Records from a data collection
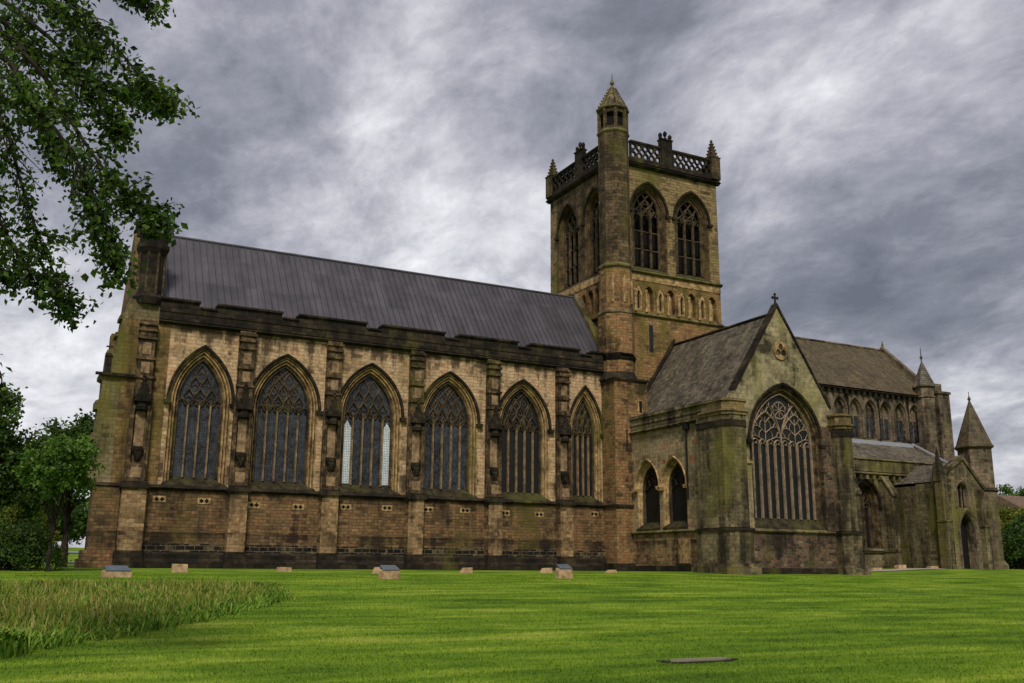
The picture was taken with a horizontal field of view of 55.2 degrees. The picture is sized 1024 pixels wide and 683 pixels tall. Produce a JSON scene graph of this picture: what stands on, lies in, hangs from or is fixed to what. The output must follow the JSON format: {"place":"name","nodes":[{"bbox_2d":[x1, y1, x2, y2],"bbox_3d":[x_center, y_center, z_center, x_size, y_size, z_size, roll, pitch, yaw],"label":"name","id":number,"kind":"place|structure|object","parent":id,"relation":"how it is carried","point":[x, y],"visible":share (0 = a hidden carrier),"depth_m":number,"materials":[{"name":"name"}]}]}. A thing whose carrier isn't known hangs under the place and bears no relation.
{"place":"outdoors","nodes":[
{"label":"outdoors","id":0,"kind":"place"},
{"bbox_2d":[0,575,295,653],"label":"wild grass","id":1,"kind":"structure","parent":0,"point":[71,611],"depth_m":19.14,"materials":[{"name":"green plant"}]},
{"bbox_2d":[0,548,1023,682],"bbox_3d":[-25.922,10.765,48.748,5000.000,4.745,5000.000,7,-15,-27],"label":"ground","id":2,"kind":"structure","parent":0,"point":[1017,575],"depth_m":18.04,"materials":[{"name":"green plant"}]},
{"bbox_2d":[0,625,48,657],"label":"grass clump","id":3,"kind":"object","parent":2,"relation":"on","point":[13,644],"visible":0.83,"depth_m":12.52,"materials":[{"name":"green plant"}]},
{"bbox_2d":[0,385,65,532],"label":"broadleaf tree","id":4,"kind":"object","parent":2,"relation":"on","point":[11,448],"visible":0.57,"depth_m":43.94,"materials":[{"name":"green plant"}]},
{"bbox_2d":[0,498,65,566],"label":"garden shrub","id":5,"kind":"object","parent":2,"relation":"on","point":[11,510],"visible":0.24,"depth_m":54.89,"materials":[{"name":"green plant"}]},
{"bbox_2d":[0,517,71,570],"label":"evergreen shrub","id":6,"kind":"object","parent":2,"relation":"on","point":[22,544],"visible":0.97,"depth_m":39.56,"materials":[{"name":"green plant"}]},
{"bbox_2d":[0,489,74,541],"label":"background tree","id":7,"kind":"object","parent":2,"relation":"on","point":[60,512],"visible":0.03,"depth_m":71.68,"materials":[{"name":"green plant"}]},
{"bbox_2d":[5,491,89,544],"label":"background tree","id":8,"kind":"object","parent":2,"relation":"on","point":[78,523],"visible":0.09,"depth_m":139.25,"materials":[{"name":"green plant"}]},
{"bbox_2d":[11,431,106,571],"bbox_3d":[-18.330,6.491,39.191,3.173,5.896,3.586,-2,-13,12],"label":"tree","id":9,"kind":"object","parent":2,"relation":"on","point":[58,464],"visible":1,"depth_m":38.90,"materials":[{"name":"green plant"}]},
{"bbox_2d":[35,408,94,566],"bbox_3d":[-27.223,8.946,60.257,6.605,10.283,6.557,-1,-13,5],"label":"broadleaf tree","id":10,"kind":"object","parent":2,"relation":"on","point":[85,425],"visible":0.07,"depth_m":60.26,"materials":[{"name":"green plant"}]},
{"bbox_2d":[63,493,89,544],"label":"background tree","id":11,"kind":"object","parent":2,"relation":"on","point":[82,504],"visible":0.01,"depth_m":150.02,"materials":[{"name":"green plant"}]},
{"bbox_2d":[0,0,200,425],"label":"overhanging tree","id":12,"kind":"object","parent":2,"relation":"on","point":[161,102],"visible":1,"depth_m":11.55,"materials":[{"name":"green plant"}]},
{"bbox_2d":[101,565,131,577],"bbox_3d":[-14.192,8.277,35.190,1.000,0.460,0.370,12,-17,-40],"label":"memorial stone","id":13,"kind":"object","parent":2,"relation":"on","point":[112,571],"visible":0.88,"depth_m":35.09,"materials":[{"name":"stone"}]},
{"bbox_2d":[171,564,187,572],"bbox_3d":[-13.887,9.489,40.939,0.620,0.392,0.350,7,-15,-27],"label":"memorial stone","id":14,"kind":"object","parent":2,"relation":"on","point":[179,568],"visible":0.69,"depth_m":40.80,"materials":[{"name":"stone"}]},
{"bbox_2d":[245,581,278,587],"bbox_3d":[-7.107,7.014,28.021,1.339,0.355,1.076,-2,-13,9],"label":"grass clump","id":15,"kind":"object","parent":2,"relation":"on","point":[272,584],"visible":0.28,"depth_m":27.98,"materials":[{"name":"green plant"}]},
{"bbox_2d":[277,567,291,571],"bbox_3d":[-10.302,10.322,44.293,0.600,0.247,0.350,7,-15,-27],"label":"memorial stone","id":16,"kind":"object","parent":2,"relation":"on","point":[284,569],"visible":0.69,"depth_m":44.15,"materials":[{"name":"stone"}]},
{"bbox_2d":[371,567,379,573],"bbox_3d":[-6.088,10.431,44.617,0.620,0.340,0.350,10,-16,-34],"label":"memorial stone","id":17,"kind":"object","parent":2,"relation":"on","point":[375,570],"visible":0.31,"depth_m":44.44,"materials":[{"name":"stone"}]},
{"bbox_2d":[378,565,399,578],"bbox_3d":[-4.879,9.192,38.998,0.820,0.580,0.370,9,-15,-32],"label":"memorial stone","id":18,"kind":"object","parent":2,"relation":"on","point":[389,571],"visible":0.88,"depth_m":38.88,"materials":[{"name":"stone"}]},
{"bbox_2d":[459,568,472,572],"bbox_3d":[-2.274,11.209,47.935,0.620,0.300,0.350,7,-15,-27],"label":"memorial stone","id":19,"kind":"object","parent":2,"relation":"on","point":[466,570],"visible":0.69,"depth_m":47.82,"materials":[{"name":"stone"}]},
{"bbox_2d":[74,79,1008,574],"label":"abbey church","id":20,"kind":"structure","parent":2,"relation":"on","point":[620,397],"depth_m":61.67,"materials":[{"name":"stone"}]},
{"bbox_2d":[161,345,234,486],"bbox_3d":[-17.553,4.147,55.005,4.000,8.078,0.680,7,-15,-27],"label":"window","id":21,"kind":"structure","parent":20,"relation":"in","point":[200,396],"depth_m":55.15,"materials":[{"name":"glass"}]},
{"bbox_2d":[248,354,322,490],"bbox_3d":[-13.344,4.679,57.142,4.600,8.065,0.680,7,-15,-27],"label":"window","id":22,"kind":"structure","parent":20,"relation":"in","point":[285,395],"depth_m":57.36,"materials":[{"name":"glass"}]},
{"bbox_2d":[338,363,406,494],"bbox_3d":[-8.692,5.260,59.504,4.660,8.064,0.680,7,-15,-27],"label":"window","id":23,"kind":"structure","parent":20,"relation":"in","point":[371,403],"depth_m":59.76,"materials":[{"name":"glass"}]},
{"bbox_2d":[423,371,482,497],"bbox_3d":[-4.040,5.841,61.868,4.600,8.065,0.680,7,-15,-27],"label":"window","id":24,"kind":"structure","parent":20,"relation":"in","point":[452,414],"depth_m":62.15,"materials":[{"name":"glass"}]},
{"bbox_2d":[500,379,553,500],"bbox_3d":[0.656,6.427,64.253,4.520,8.066,0.680,7,-15,-27],"label":"window","id":25,"kind":"structure","parent":20,"relation":"in","point":[524,414],"depth_m":64.55,"materials":[{"name":"glass"}]},
{"bbox_2d":[554,203,579,292],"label":"belfry window","id":26,"kind":"structure","parent":20,"relation":"in","point":[562,232],"depth_m":77.63,"materials":[{"name":"stone"}]},
{"bbox_2d":[569,385,603,503],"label":"window","id":27,"kind":"structure","parent":20,"relation":"in","point":[586,421],"depth_m":66.63,"materials":[{"name":"glass"}]},
{"bbox_2d":[580,187,599,280],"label":"belfry window","id":28,"kind":"structure","parent":20,"relation":"in","point":[588,217],"depth_m":74.50,"materials":[{"name":"stone"}]},
{"bbox_2d":[632,458,660,530],"bbox_3d":[8.972,9.964,63.898,0.680,4.666,3.048,7,-15,-27],"label":"lancet window","id":29,"kind":"structure","parent":20,"relation":"in","point":[646,483],"depth_m":64.44,"materials":[{"name":"stone"}]},
{"bbox_2d":[630,181,670,274],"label":"belfry window","id":30,"kind":"structure","parent":20,"relation":"in","point":[662,213],"depth_m":72.97,"materials":[{"name":"stone"}]},
{"bbox_2d":[647,322,655,354],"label":"slit window","id":31,"kind":"structure","parent":20,"relation":"in","point":[650,326],"depth_m":70.48,"materials":[{"name":"beige glass"}]},
{"bbox_2d":[657,455,687,529],"bbox_3d":[10.289,9.443,61.434,0.680,4.584,3.010,7,-15,-27],"label":"lancet window","id":32,"kind":"structure","parent":20,"relation":"in","point":[673,484],"depth_m":61.96,"materials":[{"name":"glass"}]},
{"bbox_2d":[671,191,712,281],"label":"belfry window","id":33,"kind":"structure","parent":20,"relation":"in","point":[699,208],"depth_m":74.75,"materials":[{"name":"stone"}]},
{"bbox_2d":[773,342,787,359],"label":"rose window","id":34,"kind":"structure","parent":20,"relation":"in","point":[780,350],"depth_m":61.44,"materials":[{"name":"stone"}]},
{"bbox_2d":[746,382,825,529],"bbox_3d":[16.733,7.007,60.122,6.320,9.084,0.710,7,-15,-27],"label":"great window","id":35,"kind":"structure","parent":20,"relation":"in","point":[784,430],"depth_m":60.39,"materials":[{"name":"glass"}]},
{"bbox_2d":[824,393,832,412],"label":"clerestory window","id":36,"kind":"structure","parent":20,"relation":"in","point":[827,397],"depth_m":77.35,"materials":[{"name":"stone"}]},
{"bbox_2d":[832,394,847,413],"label":"clerestory window","id":37,"kind":"structure","parent":20,"relation":"in","point":[838,401],"depth_m":78.13,"materials":[{"name":"stone"}]},
{"bbox_2d":[849,396,864,437],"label":"clerestory window","id":38,"kind":"structure","parent":20,"relation":"in","point":[857,419],"depth_m":78.78,"materials":[{"name":"stone"}]},
{"bbox_2d":[857,477,884,552],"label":"aisle window","id":39,"kind":"structure","parent":20,"relation":"in","point":[871,502],"depth_m":72.27,"materials":[{"name":"stone"}]},
{"bbox_2d":[863,398,879,438],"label":"clerestory window","id":40,"kind":"structure","parent":20,"relation":"in","point":[871,419],"depth_m":79.49,"materials":[{"name":"stone"}]},
{"bbox_2d":[879,399,895,440],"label":"clerestory window","id":41,"kind":"structure","parent":20,"relation":"in","point":[887,420],"depth_m":80.29,"materials":[{"name":"stone"}]},
{"bbox_2d":[893,401,909,441],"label":"clerestory window","id":42,"kind":"structure","parent":20,"relation":"in","point":[901,424],"depth_m":81.02,"materials":[{"name":"stone"}]},
{"bbox_2d":[896,484,912,487],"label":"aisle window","id":43,"kind":"structure","parent":20,"relation":"in","point":[901,485],"depth_m":74.12,"materials":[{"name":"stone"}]},
{"bbox_2d":[909,403,918,442],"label":"clerestory window","id":44,"kind":"structure","parent":20,"relation":"in","point":[913,407],"depth_m":81.86,"materials":[{"name":"stone"}]},
{"bbox_2d":[539,568,552,572],"bbox_3d":[1.720,11.832,50.572,0.660,0.300,0.350,7,-15,-27],"label":"memorial stone","id":45,"kind":"object","parent":2,"relation":"on","point":[545,570],"visible":0.69,"depth_m":50.45,"materials":[{"name":"stone"}]},
{"bbox_2d":[555,564,572,577],"bbox_3d":[2.314,10.231,43.546,0.720,0.660,0.370,7,-15,-27],"label":"memorial stone","id":46,"kind":"object","parent":2,"relation":"on","point":[563,570],"visible":0.88,"depth_m":43.43,"materials":[{"name":"stone"}]},
{"bbox_2d":[605,570,616,572],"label":"memorial stone","id":47,"kind":"object","parent":2,"relation":"on","point":[611,571],"visible":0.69,"depth_m":53.12,"materials":[{"name":"stone"}]},
{"bbox_2d":[657,657,737,663],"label":"ground slab","id":48,"kind":"structure","parent":2,"relation":"on","point":[700,660],"depth_m":13.49,"materials":[{"name":"stone"}]},
{"bbox_2d":[871,568,942,570],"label":"gravel path","id":49,"kind":"structure","parent":2,"relation":"on","point":[905,569],"depth_m":65.99,"materials":[{"name":"grey gravel"}]},
{"bbox_2d":[894,565,905,568],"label":"stone block","id":50,"kind":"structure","parent":49,"relation":"on","point":[899,566],"depth_m":67.14,"materials":[{"name":"beige stone"}]},
{"bbox_2d":[996,483,1023,495],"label":"background tree","id":51,"kind":"object","parent":2,"relation":"on","point":[1004,490],"visible":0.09,"depth_m":200.53,"materials":[{"name":"green plant"}]},
{"bbox_2d":[998,495,1023,564],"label":"house","id":52,"kind":"structure","parent":2,"relation":"on","point":[1013,501],"depth_m":151.01,"materials":[{"name":"brown"}]},
{"bbox_2d":[999,504,1023,568],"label":"hedge tree","id":53,"kind":"object","parent":2,"relation":"on","point":[1006,515],"visible":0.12,"depth_m":86.30,"materials":[{"name":"green plant"}]},
{"bbox_2d":[1001,521,1023,568],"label":"evergreen shrub","id":54,"kind":"object","parent":2,"relation":"on","point":[1013,543],"visible":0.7,"depth_m":73.09,"materials":[{"name":"green plant"}]},
{"bbox_2d":[1001,509,1023,567],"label":"hedge tree","id":55,"kind":"object","parent":2,"relation":"on","point":[1017,520],"visible":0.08,"depth_m":83.07,"materials":[{"name":"green plant"}]},
{"bbox_2d":[0,0,1023,547],"label":"sky","id":56,"kind":"structure","parent":0,"point":[871,152],"materials":[{"name":"grey"}]}
]}

THE TASK:
Scan the data above and report each line in which "belfry" is present.

OUTPUT FOR THIS TASK:
{"bbox_2d":[554,203,579,292],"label":"belfry window","id":26,"kind":"structure","parent":20,"relation":"in","point":[562,232],"depth_m":77.63,"materials":[{"name":"stone"}]},
{"bbox_2d":[580,187,599,280],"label":"belfry window","id":28,"kind":"structure","parent":20,"relation":"in","point":[588,217],"depth_m":74.50,"materials":[{"name":"stone"}]},
{"bbox_2d":[630,181,670,274],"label":"belfry window","id":30,"kind":"structure","parent":20,"relation":"in","point":[662,213],"depth_m":72.97,"materials":[{"name":"stone"}]},
{"bbox_2d":[671,191,712,281],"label":"belfry window","id":33,"kind":"structure","parent":20,"relation":"in","point":[699,208],"depth_m":74.75,"materials":[{"name":"stone"}]},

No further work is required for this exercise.